Recentelijk werd ik benaderd door een directeur van een gefailleerde onderneming. De curator had hem al de nodige vragen gesteld, maar had er blijkbaar meer. Welke wist ik niet. Hoewel cliënt bereid was zijn volledige medewerking te verlenen, en dat tot dan toe ook had gedaan, vond de curator het nodig cliënt door de rechter-commissaris op te laten roepen voor een formeel verhoor op grond van artikel 66 van de faillissementswet. Dit artikel houdt in, dat de rechter-commissaris ter opheldering van alle omstandigheden betreffende het faillissement, getuigen kan horen, waaronder dus ook de statutaire bestuurder van de gefailleerde onderneming.
De vragen die de curator tot dan toe aan cliënt had gesteld, waren gericht op één specifieke rechtshandeling die de gefailleerde onderneming bijna twee jaar voorafgaand aan het faillissement al had verricht. Het was duidelijk dat de curator een procedure op grond van bestuurdersaansprakelijkheid overwoog, maar nog lang niet zeker van zijn zaak was.

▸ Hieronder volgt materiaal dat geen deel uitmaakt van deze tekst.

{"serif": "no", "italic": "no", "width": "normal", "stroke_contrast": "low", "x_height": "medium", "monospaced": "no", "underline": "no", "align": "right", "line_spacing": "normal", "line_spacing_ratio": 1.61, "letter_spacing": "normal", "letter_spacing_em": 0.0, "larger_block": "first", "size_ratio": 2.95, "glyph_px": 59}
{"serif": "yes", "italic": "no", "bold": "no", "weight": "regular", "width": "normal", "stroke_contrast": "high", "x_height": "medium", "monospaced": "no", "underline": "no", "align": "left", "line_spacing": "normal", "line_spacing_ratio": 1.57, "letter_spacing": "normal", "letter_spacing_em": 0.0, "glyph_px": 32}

Verhoor bij de rechter-commissaris
Bij aanvang van het verhoor kreeg ik van de rechter-commissaris te horen dat hij normaliter geen advocaten aanwezig liet zijn bij het verhoor. Mij werd dan ook verzocht achter in de zaal plaats te nemen en vooral mijn mond te houden (dat laatste is overigens niet gelukt).

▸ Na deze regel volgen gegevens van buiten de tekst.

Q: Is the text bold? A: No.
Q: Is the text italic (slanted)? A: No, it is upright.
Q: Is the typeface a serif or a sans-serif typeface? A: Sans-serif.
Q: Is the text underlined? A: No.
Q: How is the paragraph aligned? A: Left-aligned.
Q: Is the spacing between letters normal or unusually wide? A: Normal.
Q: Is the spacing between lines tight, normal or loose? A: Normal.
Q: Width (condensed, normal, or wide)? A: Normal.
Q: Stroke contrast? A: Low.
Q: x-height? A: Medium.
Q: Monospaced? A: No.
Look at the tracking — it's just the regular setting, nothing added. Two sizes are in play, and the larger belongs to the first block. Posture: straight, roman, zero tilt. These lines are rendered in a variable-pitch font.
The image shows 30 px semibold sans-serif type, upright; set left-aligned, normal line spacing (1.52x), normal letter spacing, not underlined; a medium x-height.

Verdachte van een strafbaar feit is beter beschermd
Hoewel in het strafrecht geldt dat een advocaat niet bij het politieverhoor aanwezig mag zijn (op een paar uitzonderingsgevallen na), geldt in die gevallen in elk geval de cautie nog. De verdachte wordt bij aanvang van het verhoor gewezen op zijn recht om te zwijgen, zodat hij niet kan worden gedwongen om mee te werken aan zijn eigen veroordeling. In het faillissementsrecht geldt dat zwijgrecht echter niet. De bestuurder is verplicht alle gevraagde inlichtingen te verschaffen. Ingeval men dit niet doet of niet komt opdagen voor het verhoor door de rechter-commissaris, kan men in het uiterste geval zelfs worden gegijzeld.
Kortom, op basis van de faillissementswet wordt men geacht mee te werken aan hun eigen veroordeling en is zelfs de bijstand van een advocaat uitzonderlijk. Het lijkt er dus op dat de positie van een verdachte van een misdrijf beter is dan die van een statutair bestuurder van een gefailleerde onderneming, die er door een curator van wordt verdacht onrechtmatige handelingen te hebben verricht.
Fotocredits: Fotolia
Geachte heer van Loon,
Hartelijk dank voor uw blogpost. U spreekt hier echter over een persoon die op basis van art 105 Fw / 106 Fw inlichtingenplichtige is. Wat als een derde – niet inlichtingenplichtige – wordt opgeroepen voor een verhoor ex art 66, kan deze zich dan ook niet op zijn zwijgrecht beroepen? Of kan hij dit enkel als hij over dezelfde situatie in een eerder stadium door bijv. de FIOD is verhoord en daarbij de cautie heeft gekregen (en zich op zijn zwijgrecht heeft beroepen)?